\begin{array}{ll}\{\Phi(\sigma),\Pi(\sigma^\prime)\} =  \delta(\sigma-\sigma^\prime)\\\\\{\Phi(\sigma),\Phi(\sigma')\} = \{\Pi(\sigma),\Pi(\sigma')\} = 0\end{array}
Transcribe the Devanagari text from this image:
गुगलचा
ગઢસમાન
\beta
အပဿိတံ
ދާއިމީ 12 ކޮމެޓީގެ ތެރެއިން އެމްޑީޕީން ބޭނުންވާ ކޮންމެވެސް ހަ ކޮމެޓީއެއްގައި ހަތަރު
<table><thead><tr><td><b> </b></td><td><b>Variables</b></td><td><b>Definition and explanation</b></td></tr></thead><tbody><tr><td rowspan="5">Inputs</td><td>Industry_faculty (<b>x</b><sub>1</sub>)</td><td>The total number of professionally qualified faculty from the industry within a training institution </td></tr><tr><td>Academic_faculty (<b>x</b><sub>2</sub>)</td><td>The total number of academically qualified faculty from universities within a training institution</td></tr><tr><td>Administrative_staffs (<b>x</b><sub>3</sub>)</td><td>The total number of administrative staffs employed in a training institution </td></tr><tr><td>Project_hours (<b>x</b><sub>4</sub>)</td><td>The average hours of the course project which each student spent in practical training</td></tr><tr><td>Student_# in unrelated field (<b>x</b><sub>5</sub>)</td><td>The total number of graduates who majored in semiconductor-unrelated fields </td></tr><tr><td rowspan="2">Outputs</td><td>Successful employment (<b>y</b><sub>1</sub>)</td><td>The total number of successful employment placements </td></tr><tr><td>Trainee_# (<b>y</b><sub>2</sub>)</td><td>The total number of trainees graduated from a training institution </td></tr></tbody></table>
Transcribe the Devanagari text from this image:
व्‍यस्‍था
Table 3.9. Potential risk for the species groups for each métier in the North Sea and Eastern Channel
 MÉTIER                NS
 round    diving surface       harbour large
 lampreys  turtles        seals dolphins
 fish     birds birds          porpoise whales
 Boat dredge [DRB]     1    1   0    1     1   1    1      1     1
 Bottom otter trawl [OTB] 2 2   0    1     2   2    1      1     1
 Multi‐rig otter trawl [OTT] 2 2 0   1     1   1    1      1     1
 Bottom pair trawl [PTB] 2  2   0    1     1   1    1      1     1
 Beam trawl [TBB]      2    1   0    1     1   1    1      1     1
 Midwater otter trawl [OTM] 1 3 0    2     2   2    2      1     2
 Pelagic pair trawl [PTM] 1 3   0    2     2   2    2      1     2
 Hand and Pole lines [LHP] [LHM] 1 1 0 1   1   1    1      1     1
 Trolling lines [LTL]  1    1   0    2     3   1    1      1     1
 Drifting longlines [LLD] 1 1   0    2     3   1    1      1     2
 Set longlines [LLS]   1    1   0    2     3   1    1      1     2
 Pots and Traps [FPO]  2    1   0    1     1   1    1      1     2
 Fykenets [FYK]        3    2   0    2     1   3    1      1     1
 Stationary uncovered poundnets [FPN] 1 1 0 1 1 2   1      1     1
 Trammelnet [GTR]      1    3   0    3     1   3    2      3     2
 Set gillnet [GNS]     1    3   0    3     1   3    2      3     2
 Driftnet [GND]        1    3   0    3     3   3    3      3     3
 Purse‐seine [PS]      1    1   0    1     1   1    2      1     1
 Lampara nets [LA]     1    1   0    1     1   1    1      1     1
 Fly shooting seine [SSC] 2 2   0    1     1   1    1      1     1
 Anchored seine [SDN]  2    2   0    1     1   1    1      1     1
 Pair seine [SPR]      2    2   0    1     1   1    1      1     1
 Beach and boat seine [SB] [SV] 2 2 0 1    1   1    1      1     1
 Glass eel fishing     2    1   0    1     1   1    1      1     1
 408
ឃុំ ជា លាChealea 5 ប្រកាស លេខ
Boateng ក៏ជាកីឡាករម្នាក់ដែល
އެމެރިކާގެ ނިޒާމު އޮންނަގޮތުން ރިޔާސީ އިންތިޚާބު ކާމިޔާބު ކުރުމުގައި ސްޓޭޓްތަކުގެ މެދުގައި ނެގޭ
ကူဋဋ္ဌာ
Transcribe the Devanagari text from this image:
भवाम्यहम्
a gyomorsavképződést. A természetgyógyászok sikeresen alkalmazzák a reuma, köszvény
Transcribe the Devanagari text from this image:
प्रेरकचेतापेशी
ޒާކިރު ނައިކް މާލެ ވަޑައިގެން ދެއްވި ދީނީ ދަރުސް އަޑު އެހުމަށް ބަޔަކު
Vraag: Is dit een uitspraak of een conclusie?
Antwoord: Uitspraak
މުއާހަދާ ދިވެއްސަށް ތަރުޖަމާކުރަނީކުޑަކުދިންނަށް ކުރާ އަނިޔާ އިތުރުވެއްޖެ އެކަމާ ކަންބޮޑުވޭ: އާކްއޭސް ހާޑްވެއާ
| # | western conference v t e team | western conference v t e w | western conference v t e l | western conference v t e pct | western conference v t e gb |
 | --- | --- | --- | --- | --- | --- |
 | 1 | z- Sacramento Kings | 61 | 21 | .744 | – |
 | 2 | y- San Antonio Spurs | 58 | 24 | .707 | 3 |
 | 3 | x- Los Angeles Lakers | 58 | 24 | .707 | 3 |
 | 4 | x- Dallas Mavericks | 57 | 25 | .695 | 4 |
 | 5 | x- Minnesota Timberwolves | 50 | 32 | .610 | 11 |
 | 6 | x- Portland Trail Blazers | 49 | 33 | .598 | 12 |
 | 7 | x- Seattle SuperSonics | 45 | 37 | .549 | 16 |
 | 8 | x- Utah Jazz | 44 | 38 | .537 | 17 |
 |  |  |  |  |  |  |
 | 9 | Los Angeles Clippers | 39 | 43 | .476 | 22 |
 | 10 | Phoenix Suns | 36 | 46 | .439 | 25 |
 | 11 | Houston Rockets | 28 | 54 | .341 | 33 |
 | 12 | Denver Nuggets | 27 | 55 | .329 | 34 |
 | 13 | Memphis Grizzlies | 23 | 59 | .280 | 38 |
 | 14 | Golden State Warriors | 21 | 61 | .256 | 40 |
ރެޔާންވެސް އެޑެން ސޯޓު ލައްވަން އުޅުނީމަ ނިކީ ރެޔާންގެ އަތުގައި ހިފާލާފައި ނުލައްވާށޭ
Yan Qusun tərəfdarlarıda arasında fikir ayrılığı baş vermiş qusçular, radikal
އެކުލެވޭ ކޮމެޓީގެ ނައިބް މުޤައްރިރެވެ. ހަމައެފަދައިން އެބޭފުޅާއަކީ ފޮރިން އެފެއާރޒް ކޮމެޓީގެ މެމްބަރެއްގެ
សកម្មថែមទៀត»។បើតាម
---*---
Work to complete: The answer must consist of every line from the listing above that includes the word "Bottom".

Result:
 Bottom otter trawl [OTB] 2 2   0    1     2   2    1      1     1
 Bottom pair trawl [PTB] 2  2   0    1     1   1    1      1     1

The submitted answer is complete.